A similar pattern was observed in the ODNSR sample predictions (eTable 1), with one exception: the generalized linear model performed similarly to machine learning algorithms in this small sample of pregnancies, yielding median absolute deviation values that were not statistically distinguishable from the machine-learning approaches. However, the same is not true for the corresponding root mean squared error values, which indicates that the generalized linear model yielded several outlying predictions, as confirmed by visual inspection of Figure 2.
The small for gestational age analysis results varied strongly by choice of method. Table e2 shows the number of live-births from the MOMI data that were classified as small for gestational age using a gestational age specific population birthweight standard, and an actual or predicted fetal weight + birthweight standard.
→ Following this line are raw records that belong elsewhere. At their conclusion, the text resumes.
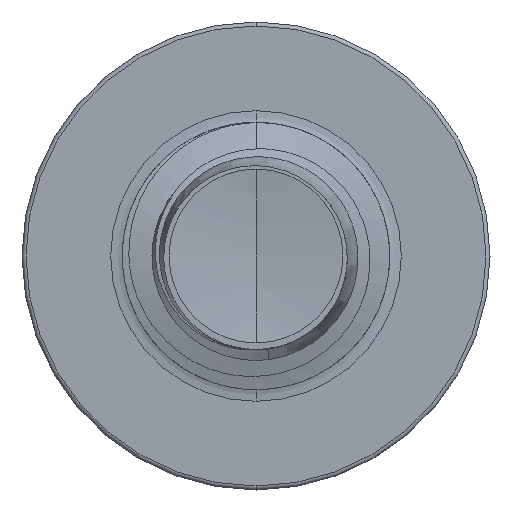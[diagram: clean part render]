
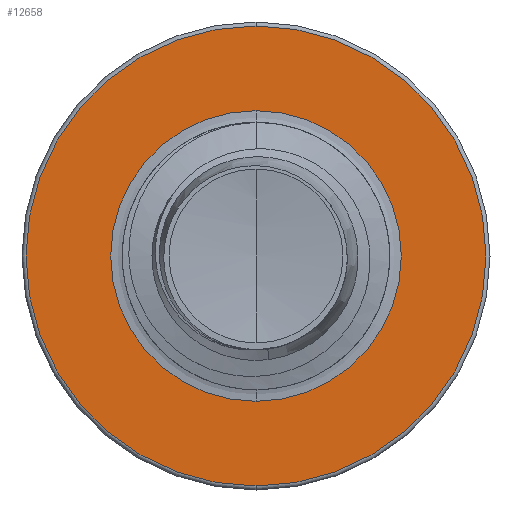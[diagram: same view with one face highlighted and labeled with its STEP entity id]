
A CAD part, front view. The second image highlights one B-rep face of the part: STEP entity #12658.
In plain terms, the highlighted planar face has unit normal (0, -1, 0).
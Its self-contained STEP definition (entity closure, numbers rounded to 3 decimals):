
#285 = CIRCLE ( 'NONE', #13844, 2.174 ) ;
#1226 = CARTESIAN_POINT ( 'NONE',  ( 0., 7., 3.44 ) ) ;
#1367 = DIRECTION ( 'NONE',  ( 0., 0., 1. ) ) ;
#1469 = DIRECTION ( 'NONE',  ( 0., 1., 0. ) ) ;
#1533 = CARTESIAN_POINT ( 'NONE',  ( 0., 7., 0. ) ) ;
#2122 = CARTESIAN_POINT ( 'NONE',  ( 0., 7., -3.44 ) ) ;
#2207 = CIRCLE ( 'NONE', #13865, 2.174 ) ;
#2320 = DIRECTION ( 'NONE',  ( 0., 0., 1. ) ) ;
#2785 = AXIS2_PLACEMENT_3D ( 'NONE', #16218, #16206, #16184 ) ;
#4475 = DIRECTION ( 'NONE',  ( 0., 0., 1. ) ) ;
#4497 = DIRECTION ( 'NONE',  ( 0., 1., 0. ) ) ;
#4516 = CARTESIAN_POINT ( 'NONE',  ( 0., 7., 0. ) ) ;
#4564 = VERTEX_POINT ( 'NONE', #12657 ) ;
#4755 = AXIS2_PLACEMENT_3D ( 'NONE', #1533, #1469, #1367 ) ;
#5813 = EDGE_CURVE ( 'NONE', #9805, #4564, #285, .T. ) ;
#5896 = CIRCLE ( 'NONE', #2785, 3.44 ) ;
#6128 = CARTESIAN_POINT ( 'NONE',  ( 0., 7., 0. ) ) ;
#6155 = VERTEX_POINT ( 'NONE', #1226 ) ;
#7447 = DIRECTION ( 'NONE',  ( 0., 0., 1. ) ) ;
#7618 = ORIENTED_EDGE ( 'NONE', *, *, #8675, .F. ) ;
#7914 = PLANE ( 'NONE',  #12406 ) ;
#8356 = FACE_OUTER_BOUND ( 'NONE', #14649, .T. ) ;
#8675 = EDGE_CURVE ( 'NONE', #8693, #6155, #8949, .T. ) ;
#8693 = VERTEX_POINT ( 'NONE', #2122 ) ;
#8760 = FACE_BOUND ( 'NONE', #14438, .T. ) ;
#8806 = EDGE_CURVE ( 'NONE', #6155, #8693, #5896, .T. ) ;
#8949 = CIRCLE ( 'NONE', #4755, 3.44 ) ;
#9208 = CARTESIAN_POINT ( 'NONE',  ( 0., 7., -2.174 ) ) ;
#9332 = ORIENTED_EDGE ( 'NONE', *, *, #5813, .T. ) ;
#9805 = VERTEX_POINT ( 'NONE', #12898 ) ;
#11603 = ORIENTED_EDGE ( 'NONE', *, *, #8806, .F. ) ;
#12406 = AXIS2_PLACEMENT_3D ( 'NONE', #9208, #12831, #2320 ) ;
#12657 = CARTESIAN_POINT ( 'NONE',  ( 0., 7., 2.174 ) ) ;
#12658 = ADVANCED_FACE ( 'NONE', ( #8356, #8760 ), #7914, .F. ) ;
#12831 = DIRECTION ( 'NONE',  ( 0., 1., 0. ) ) ;
#12898 = CARTESIAN_POINT ( 'NONE',  ( 0., 7., -2.174 ) ) ;
#13844 = AXIS2_PLACEMENT_3D ( 'NONE', #4516, #4497, #4475 ) ;
#13865 = AXIS2_PLACEMENT_3D ( 'NONE', #6128, #14253, #7447 ) ;
#14253 = DIRECTION ( 'NONE',  ( 0., 1., 0. ) ) ;
#14438 = EDGE_LOOP ( 'NONE', ( #16176, #9332 ) ) ;
#14649 = EDGE_LOOP ( 'NONE', ( #11603, #7618 ) ) ;
#14770 = EDGE_CURVE ( 'NONE', #4564, #9805, #2207, .T. ) ;
#16176 = ORIENTED_EDGE ( 'NONE', *, *, #14770, .T. ) ;
#16184 = DIRECTION ( 'NONE',  ( 0., 0., 1. ) ) ;
#16206 = DIRECTION ( 'NONE',  ( 0., 1., 0. ) ) ;
#16218 = CARTESIAN_POINT ( 'NONE',  ( 0., 7., 0. ) ) ;

As displayed in the first two rows, the number of small for gestational age births identified using the birthweight standard was 1,184 out of 8,517, lower than the actual fetal + birthweight standard of 1,815. A predicted fetal weight standard from all three machine learning approaches yielded results similar to the actual fetal weight birthweight standards. However, both regression-based predicted fetal weight standards yielded a much higher number of pregnancies identified as small for gestational age.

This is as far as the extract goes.